Kommt es zu Normverletzungen, kann das markante Auswirkungen haben. Das zeigt der Karikaturenstreit um den Propheten Mohammed. Umso wichtiger ist es, mit den Wertsystemen der anderen vertraut zu sein.

Letzte Woche habe ich als Rabbiner die Arbeitsweise der römischen Kurie studieren dürfen. Mir war sympathisch, dass die katholische Kirche ein umfassendes, identitätbildendes Normensystem entwickelt hat, das dem jüdischen in nichts nachsteht. Einiges war mir fremd, vieles weist aber Analogien zum Jüdischen Recht auf. Meine Gastgeber waren wie ich davon angetan, dass es einen fruchtbaren Dialog zwischen Rechtssystemen geben kann, die in sich beide eine außerweltliche Begründung tragen: der Souverän ist der gleiche.
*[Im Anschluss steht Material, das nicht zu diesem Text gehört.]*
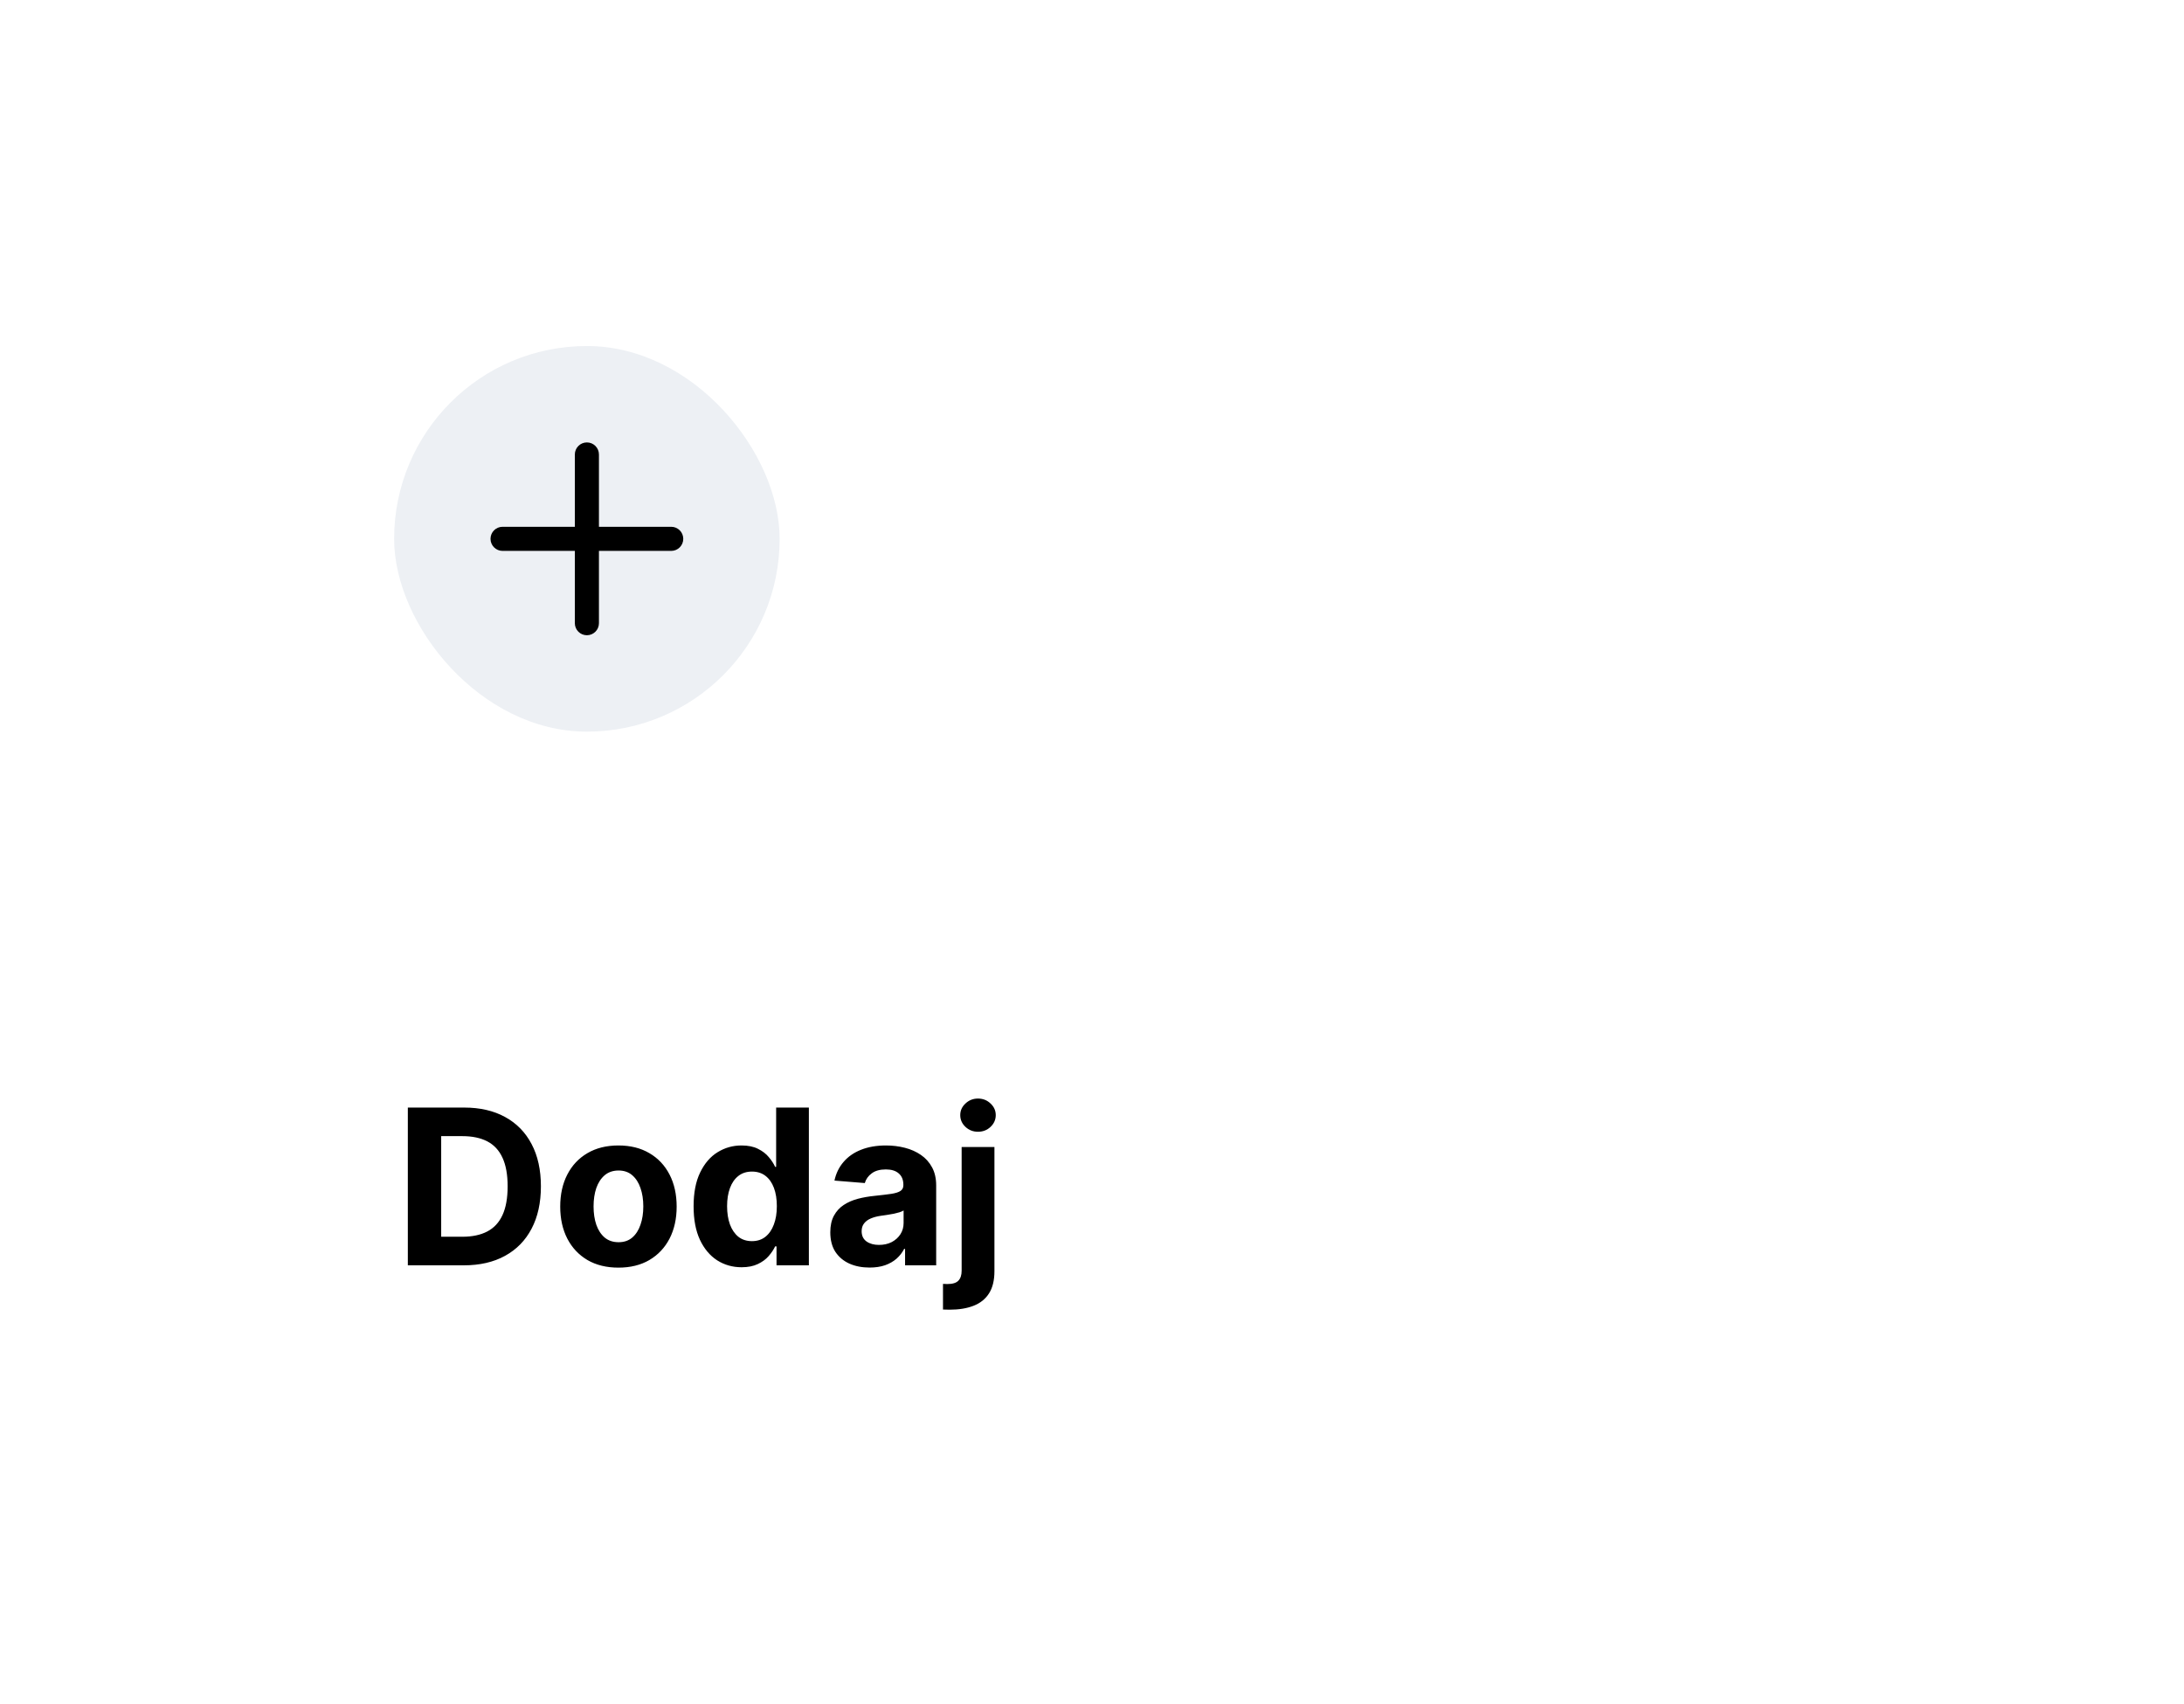 <svg width="141" height="110" viewBox="0 0 141 110" fill="none" xmlns="http://www.w3.org/2000/svg">
<g filter="url(#filter0_d_5581_27585)">
<rect x="13" y="13" width="115" height="84" rx="17" fill="white"/>
<rect x="25.445" y="22.333" width="24.889" height="24.889" rx="12.444" fill="#EDF0F4"/>
<path fill-rule="evenodd" clip-rule="evenodd" d="M37.89 28.555C38.32 28.555 38.668 28.904 38.668 29.333V34H43.335C43.764 34 44.112 34.348 44.112 34.778C44.112 35.207 43.764 35.556 43.335 35.556H38.668V40.222C38.668 40.652 38.32 41 37.89 41C37.461 41 37.112 40.652 37.112 40.222V35.556H32.446C32.016 35.556 31.668 35.207 31.668 34.778C31.668 34.348 32.016 34 32.446 34H37.112V29.333C37.112 28.904 37.461 28.555 37.89 28.555Z" fill="black"/>
<path d="M29.94 81.667H26.33V71.485H29.97C30.994 71.485 31.875 71.689 32.614 72.096C33.353 72.501 33.922 73.082 34.32 73.841C34.721 74.6 34.921 75.508 34.921 76.566C34.921 77.626 34.721 78.538 34.32 79.3C33.922 80.062 33.35 80.647 32.604 81.055C31.862 81.463 30.974 81.667 29.94 81.667ZM28.483 79.822H29.85C30.486 79.822 31.022 79.71 31.456 79.484C31.893 79.255 32.222 78.902 32.44 78.425C32.662 77.945 32.773 77.325 32.773 76.566C32.773 75.813 32.662 75.199 32.44 74.721C32.222 74.244 31.895 73.893 31.461 73.667C31.027 73.442 30.491 73.329 29.855 73.329H28.483V79.822ZM39.926 81.816C39.154 81.816 38.486 81.652 37.923 81.324C37.363 80.992 36.93 80.531 36.625 79.942C36.32 79.348 36.168 78.66 36.168 77.878C36.168 77.089 36.32 76.4 36.625 75.81C36.93 75.217 37.363 74.756 37.923 74.428C38.486 74.097 39.154 73.931 39.926 73.931C40.699 73.931 41.365 74.097 41.925 74.428C42.488 74.756 42.922 75.217 43.227 75.81C43.532 76.4 43.685 77.089 43.685 77.878C43.685 78.66 43.532 79.348 43.227 79.942C42.922 80.531 42.488 80.992 41.925 81.324C41.365 81.652 40.699 81.816 39.926 81.816ZM39.936 80.175C40.288 80.175 40.581 80.076 40.816 79.877C41.052 79.675 41.229 79.4 41.348 79.052C41.471 78.704 41.532 78.308 41.532 77.863C41.532 77.419 41.471 77.023 41.348 76.675C41.229 76.327 41.052 76.052 40.816 75.85C40.581 75.648 40.288 75.547 39.936 75.547C39.582 75.547 39.283 75.648 39.041 75.85C38.803 76.052 38.622 76.327 38.499 76.675C38.38 77.023 38.321 77.419 38.321 77.863C38.321 78.308 38.38 78.704 38.499 79.052C38.622 79.4 38.803 79.675 39.041 79.877C39.283 80.076 39.582 80.175 39.936 80.175ZM47.876 81.791C47.296 81.791 46.77 81.642 46.3 81.344C45.833 81.042 45.461 80.599 45.186 80.016C44.914 79.429 44.779 78.71 44.779 77.858C44.779 76.983 44.919 76.256 45.201 75.676C45.483 75.093 45.857 74.657 46.325 74.368C46.795 74.077 47.311 73.931 47.871 73.931C48.298 73.931 48.655 74.004 48.94 74.15C49.228 74.292 49.46 74.471 49.636 74.686C49.815 74.899 49.951 75.107 50.044 75.313H50.108V71.485H52.221V81.667H50.133V80.444H50.044C49.944 80.656 49.803 80.866 49.621 81.075C49.442 81.281 49.208 81.451 48.92 81.587C48.635 81.723 48.287 81.791 47.876 81.791ZM48.547 80.106C48.888 80.106 49.177 80.013 49.412 79.827C49.651 79.638 49.833 79.375 49.959 79.037C50.088 78.699 50.153 78.302 50.153 77.848C50.153 77.394 50.09 77 49.964 76.665C49.838 76.331 49.656 76.072 49.417 75.89C49.178 75.707 48.888 75.616 48.547 75.616C48.199 75.616 47.906 75.711 47.667 75.9C47.428 76.088 47.248 76.35 47.125 76.685C47.002 77.02 46.941 77.408 46.941 77.848C46.941 78.293 47.002 78.685 47.125 79.027C47.251 79.365 47.432 79.63 47.667 79.822C47.906 80.011 48.199 80.106 48.547 80.106ZM56.14 81.811C55.653 81.811 55.218 81.726 54.837 81.557C54.456 81.385 54.155 81.131 53.932 80.797C53.714 80.459 53.604 80.038 53.604 79.534C53.604 79.11 53.682 78.753 53.838 78.465C53.994 78.177 54.206 77.945 54.474 77.769C54.743 77.593 55.048 77.461 55.389 77.371C55.734 77.282 56.095 77.219 56.473 77.182C56.917 77.136 57.275 77.093 57.547 77.053C57.819 77.01 58.016 76.947 58.139 76.864C58.261 76.781 58.322 76.659 58.322 76.496V76.466C58.322 76.151 58.223 75.908 58.024 75.736C57.829 75.563 57.55 75.477 57.189 75.477C56.808 75.477 56.505 75.561 56.279 75.731C56.054 75.896 55.905 76.105 55.832 76.357L53.873 76.198C53.972 75.734 54.168 75.333 54.459 74.995C54.751 74.653 55.127 74.391 55.588 74.209C56.052 74.024 56.589 73.931 57.199 73.931C57.623 73.931 58.029 73.981 58.417 74.08C58.808 74.179 59.154 74.334 59.456 74.542C59.761 74.751 60.001 75.02 60.177 75.348C60.352 75.672 60.44 76.062 60.44 76.516V81.667H58.432V80.608H58.372C58.249 80.846 58.086 81.057 57.88 81.239C57.675 81.418 57.428 81.559 57.139 81.662C56.851 81.761 56.518 81.811 56.14 81.811ZM56.746 80.349C57.058 80.349 57.333 80.288 57.572 80.165C57.81 80.039 57.998 79.87 58.133 79.658C58.269 79.446 58.337 79.206 58.337 78.937V78.127C58.271 78.17 58.18 78.21 58.064 78.246C57.951 78.279 57.824 78.311 57.681 78.341C57.539 78.367 57.396 78.392 57.254 78.415C57.111 78.435 56.982 78.453 56.866 78.47C56.617 78.506 56.4 78.564 56.215 78.644C56.029 78.723 55.885 78.831 55.782 78.967C55.679 79.1 55.628 79.265 55.628 79.464C55.628 79.753 55.732 79.973 55.941 80.125C56.153 80.275 56.422 80.349 56.746 80.349ZM62.084 74.03H64.201V82.044C64.201 82.634 64.085 83.112 63.853 83.476C63.621 83.841 63.288 84.108 62.854 84.277C62.423 84.446 61.908 84.53 61.308 84.53C61.235 84.53 61.165 84.529 61.099 84.525C61.029 84.525 60.957 84.524 60.88 84.52V82.865C60.937 82.868 60.986 82.87 61.029 82.87C61.069 82.873 61.112 82.875 61.159 82.875C61.5 82.875 61.739 82.802 61.875 82.656C62.014 82.513 62.084 82.298 62.084 82.01V74.03ZM63.137 73.046C62.826 73.046 62.557 72.942 62.332 72.733C62.107 72.521 61.994 72.267 61.994 71.972C61.994 71.68 62.107 71.43 62.332 71.221C62.557 71.009 62.826 70.903 63.137 70.903C63.456 70.903 63.726 71.009 63.948 71.221C64.173 71.43 64.286 71.68 64.286 71.972C64.286 72.267 64.173 72.521 63.948 72.733C63.726 72.942 63.456 73.046 63.137 73.046Z" fill="black"/>
</g>
<defs>
<filter id="filter0_d_5581_27585" x="0.556" y="0.556" width="139.889" height="108.889" filterUnits="userSpaceOnUse" color-interpolation-filters="sRGB">
<feFlood flood-opacity="0" result="BackgroundImageFix"/>
<feColorMatrix in="SourceAlpha" type="matrix" values="0 0 0 0 0 0 0 0 0 0 0 0 0 0 0 0 0 0 127 0" result="hardAlpha"/>
<feOffset/>
<feGaussianBlur stdDeviation="6.222"/>
<feColorMatrix type="matrix" values="0 0 0 0 0 0 0 0 0 0.103 0 0 0 0 0.246 0 0 0 0.16 0"/>
<feBlend mode="normal" in2="BackgroundImageFix" result="effect1_dropShadow_5581_27585"/>
<feBlend mode="normal" in="SourceGraphic" in2="effect1_dropShadow_5581_27585" result="shape"/>
</filter>
</defs>
</svg>

Das lässt mich hoffen, dass das interreligiöse Gespräch um eine spannende Facette bereichert werden kann: um die religiöse Rechtsvergleichung. Judentum und Islam legen nämlich wesentliches Gewicht auf diese rechtliche Betrachtung: als Ausfluss des Beziehungswunsches Gottes uns gegenüber. Nur wenn wir über unsere Normen ins Gespräch kommen können, lernen wir auch über unsere Werte - seien sie gemeinsam oder verschieden. Begegnung ist dabei immer ein Weg der kleinen Schritte. Das Wissen, wie mit heiligem Ernst um das Recht gerungen wird, macht es uns leichter, einander nicht zu verletzen.

Der Autor leitet das Europäische Rabbinerseminar in Potsdam.